Pesquisas associam o uso de álcool à repetência escolar

O consumo de drogas, como o álcool, pelos estudantes brasileiros está causando ressaca nas salas de aula de muitas escolas. Segundo levantamento da Secretaria Nacional Antidrogas – Senad e do Centro Brasileiro de Informações sobre Drogas Psicotrópicas – Cebrid, 45,9% dos jovens que usam ou já usaram drogas (ilícitas ou não) estão atrasados pelo menos um ano em relação à série considerada ideal. Entre os estudantes que não consomem drogas, este índice cai para 33,4%. De acordo com a pesquisa, divulgada recentemente e realizada em 2004 com 48.155 jovens, o álcool continua sendo a droga mais consumida entre os estudantes. Segundo especialistas, cerca de 65,2% dos alunos já consumiram bebida alcoólica e 41,2% deles iniciaram o uso entre 10 e 12 anos.

Os dados divulgados fazem parte do V Levantamento Nacional Sobre o Consumo de Drogas Psicotrópicas entre Estudantes do Ensino Fundamental e Médio da Rede Pública de Ensino, realizado em 27 capitais brasileiras. Nos quatro estudos anteriores, apenas jovens de dez capitais foram entrevistados. Paulo Roberto Yog de Miranda Uchôa, Secretário Nacional Antidrogas, diz que os números são um instrumento importante para a elaboração de políticas públicas “É crime vender bebida para menores, mas muitos têm acesso ao álcool em casa. A escola tem papel fundamental para identificar o problema e orientar o adolescente”.

Mas identificar o problema nem sempre é fácil, pois muitos estudantes deixam de ir à escola por causa dos efeitos das drogas. Segundo a pesquisa, 53,6% dos entrevistados que usam ou já usaram drogas tinham faltado à escola pelo menos um dia no último mês. Alba Rodrigues Cruz, Subsecretária de Planejamento Pedagógico da Secretaria Estadual de Educação do Estado do Rio de Janeiro, diz que as escolas da rede estadual fazem um trabalho de prevenção. Mas, segundo ela, o assunto ainda é tabu “Se é difícil tratar desse tema em casa, com a família, imagine numa unidade escolar. O uso de drogas é uma das causas da evasão, mas não temos esse dado quantificado separadamente.
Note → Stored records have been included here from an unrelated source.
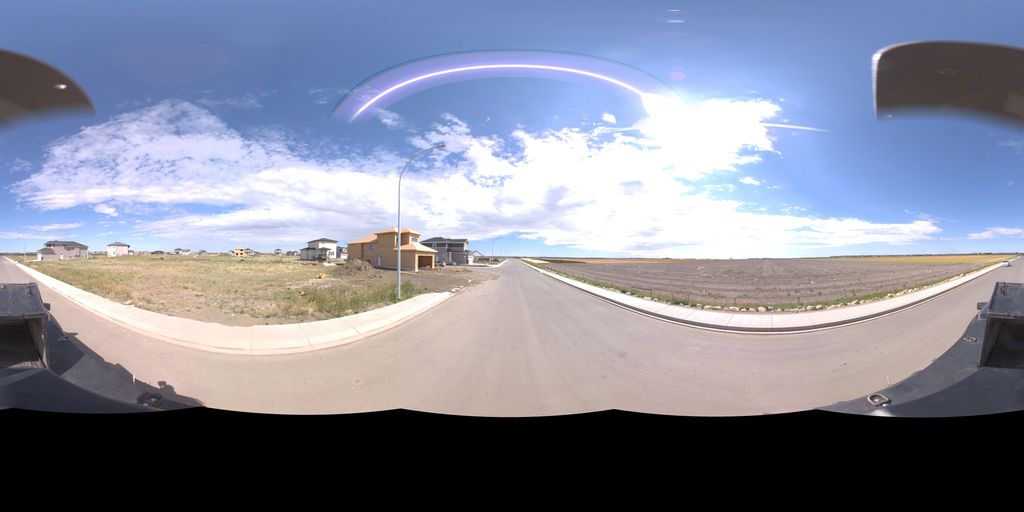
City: saskatoon
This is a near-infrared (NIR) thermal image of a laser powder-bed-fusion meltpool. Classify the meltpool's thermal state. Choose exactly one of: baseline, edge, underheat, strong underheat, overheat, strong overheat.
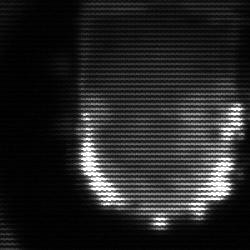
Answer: baseline
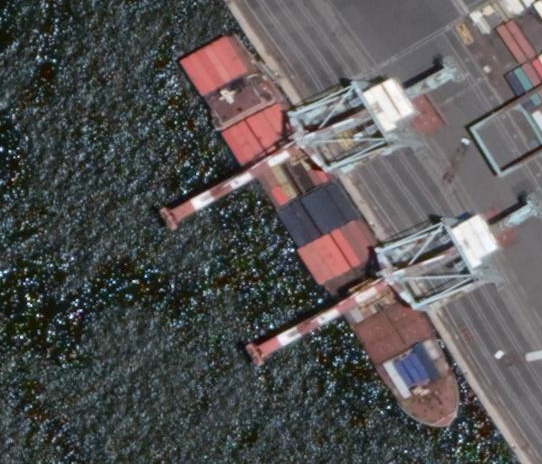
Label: Container_ship
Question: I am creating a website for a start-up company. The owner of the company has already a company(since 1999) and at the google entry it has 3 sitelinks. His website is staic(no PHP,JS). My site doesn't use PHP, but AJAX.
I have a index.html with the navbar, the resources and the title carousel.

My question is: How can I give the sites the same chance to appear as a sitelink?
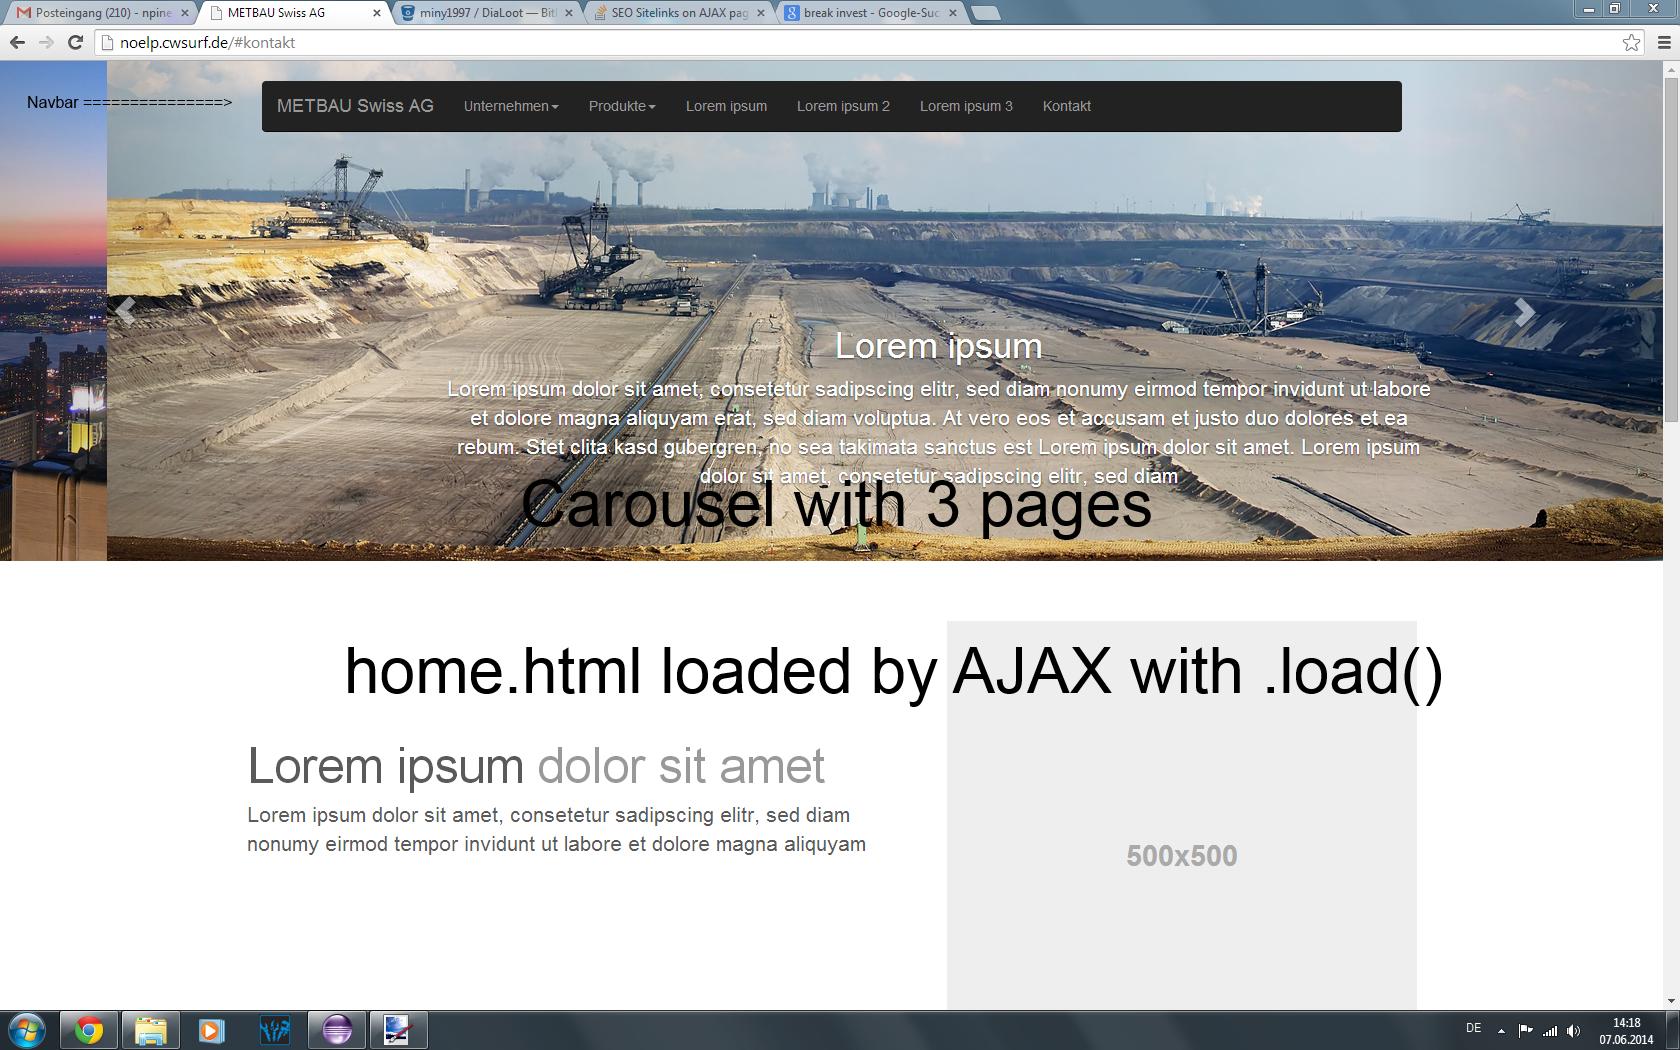
Answer: At first I would recommend to sign in to the <URL>. There you sign in your website and get a lot of information and resources to improve the information structure of your website. Even if you go for all or the most recommendations Google gives you on theses pages they'll not guarantee you to show in the search results.
Google (<URL>:
> We only show sitelinks for results when we think they'll be useful to the user. If the structure of your site doesn't allow our algorithms to find good sitelinks, or we don't think that the sitelinks for your site are relevant for the user's query, we won't show them.
I would go with the following checklist:
1. most important, have a web standards based, clean and semantically rich HTML markup
2. for your site's internal links, make sure you use anchor text and alt text that's informative, compact, and avoids repetition
3. implement structured data, see also schema.org
4. create a sitemap (xml) for you website and add the site map in the webmaster tools
5. have patience

As drogas entram no item “outros”, que representa 41,59% do total das causas de evasão na rede” diz Alba, acrescentando que a secretaria desenvolve um projeto de prevenção em nove pólos no estado e repassa as ações educativas para cerca de mil escolas estaduais.
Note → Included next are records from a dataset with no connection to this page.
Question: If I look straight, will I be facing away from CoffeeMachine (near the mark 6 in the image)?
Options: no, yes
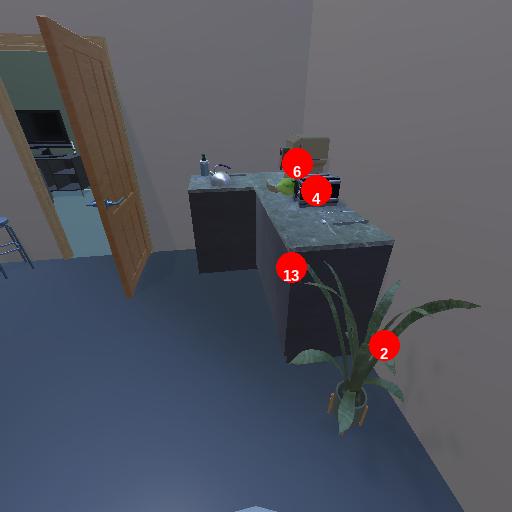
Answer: no
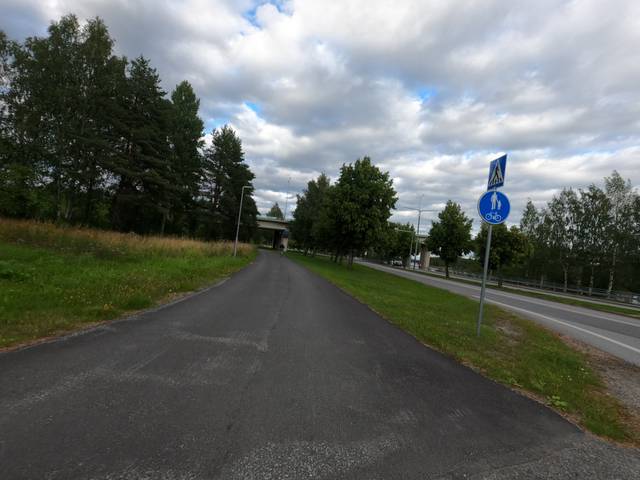
Region: Finland
Coordinates: 62.61, 29.788
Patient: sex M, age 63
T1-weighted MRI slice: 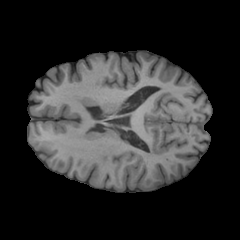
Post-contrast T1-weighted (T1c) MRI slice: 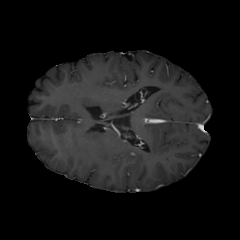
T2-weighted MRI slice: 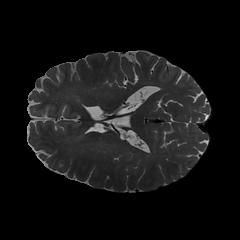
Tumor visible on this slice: no
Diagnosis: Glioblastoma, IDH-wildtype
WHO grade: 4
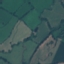
Label: Pasture
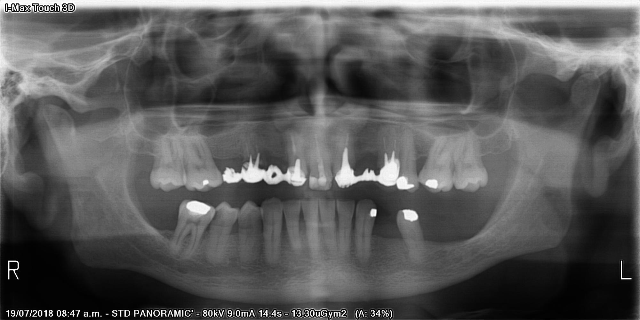
adult
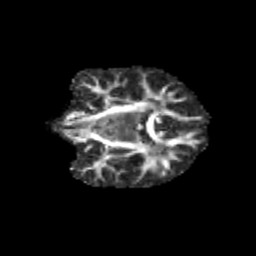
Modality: FA
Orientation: coronal
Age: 11
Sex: female
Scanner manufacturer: siemens
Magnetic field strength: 3 T
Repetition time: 3.8 s
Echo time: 0.07 s
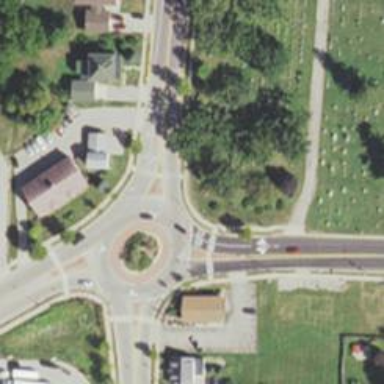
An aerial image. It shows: Marked road crossing.
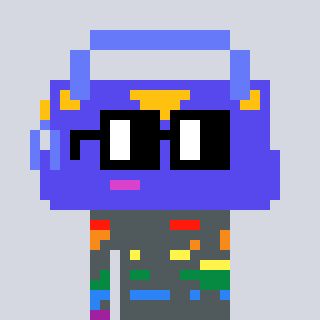
a pixel art character with square black glasses, a bag-shaped head and a yellow-colored body on a cool background
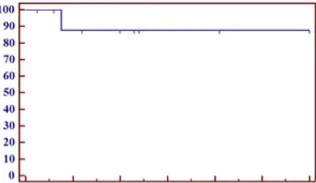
Survival outcomes at a median follow-up of 29 months for all patients and 37 months for surviving patients. (A) Locoregional control.
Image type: chart (chart)
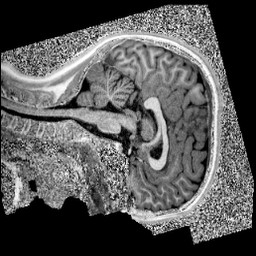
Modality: UNIT1
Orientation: sagittal
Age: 12
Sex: female
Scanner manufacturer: siemens
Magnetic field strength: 3 T
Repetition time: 4 s
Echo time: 0.00299 s
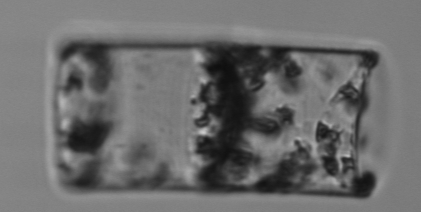
Label: Guinardia_flaccida
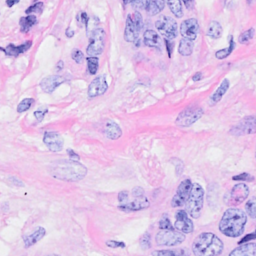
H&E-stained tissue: Breast

Segundo Carlos Henrique M. Veloso, Consultor em dependência química e Professor da Escola Técnica de Saúde Herbert Daniel de Souza, da Fundação de Apoio à Escola Técnica, os estudantes em geral optam pelo álcool por causa do efeito relaxante que a bebida proporciona. “Eles recorrem ao álcool para reduzir a ansiedade, mas o problema é que a bebida afeta o sistema nervoso central e, depois, causa dor de cabeça, indisposição. Ninguém agüenta ir à escola assim. E sabe como o jovem cura isso, volta a ficar relaxado? Bebendo mais. Vira um círculo vicioso” diz Carlos Henrique, acrescentando que muitos estudantes bebem para fugir de sua realidade social. A pressão é grande, o jovem muitas vezes não tem perspectiva para o futuro. Na escola, por exemplo, nem sempre ele é estimulado. Em casa, muitos passam por problemas financeiros, o pai está desempregado. O álcool infelizmente entra como um paliativo nesse universo.

Segundo a Senad, o álcool é apenas uma das drogas lícitas usadas pelos estudantes. Das sete drogas preferidas pelos adolescentes, só uma é ilícita (maconha). Eles também fazem uso com freqüência de cigarro, solvente, energéticos, ansiolíticos (tranquilizantes) e anfetaminas.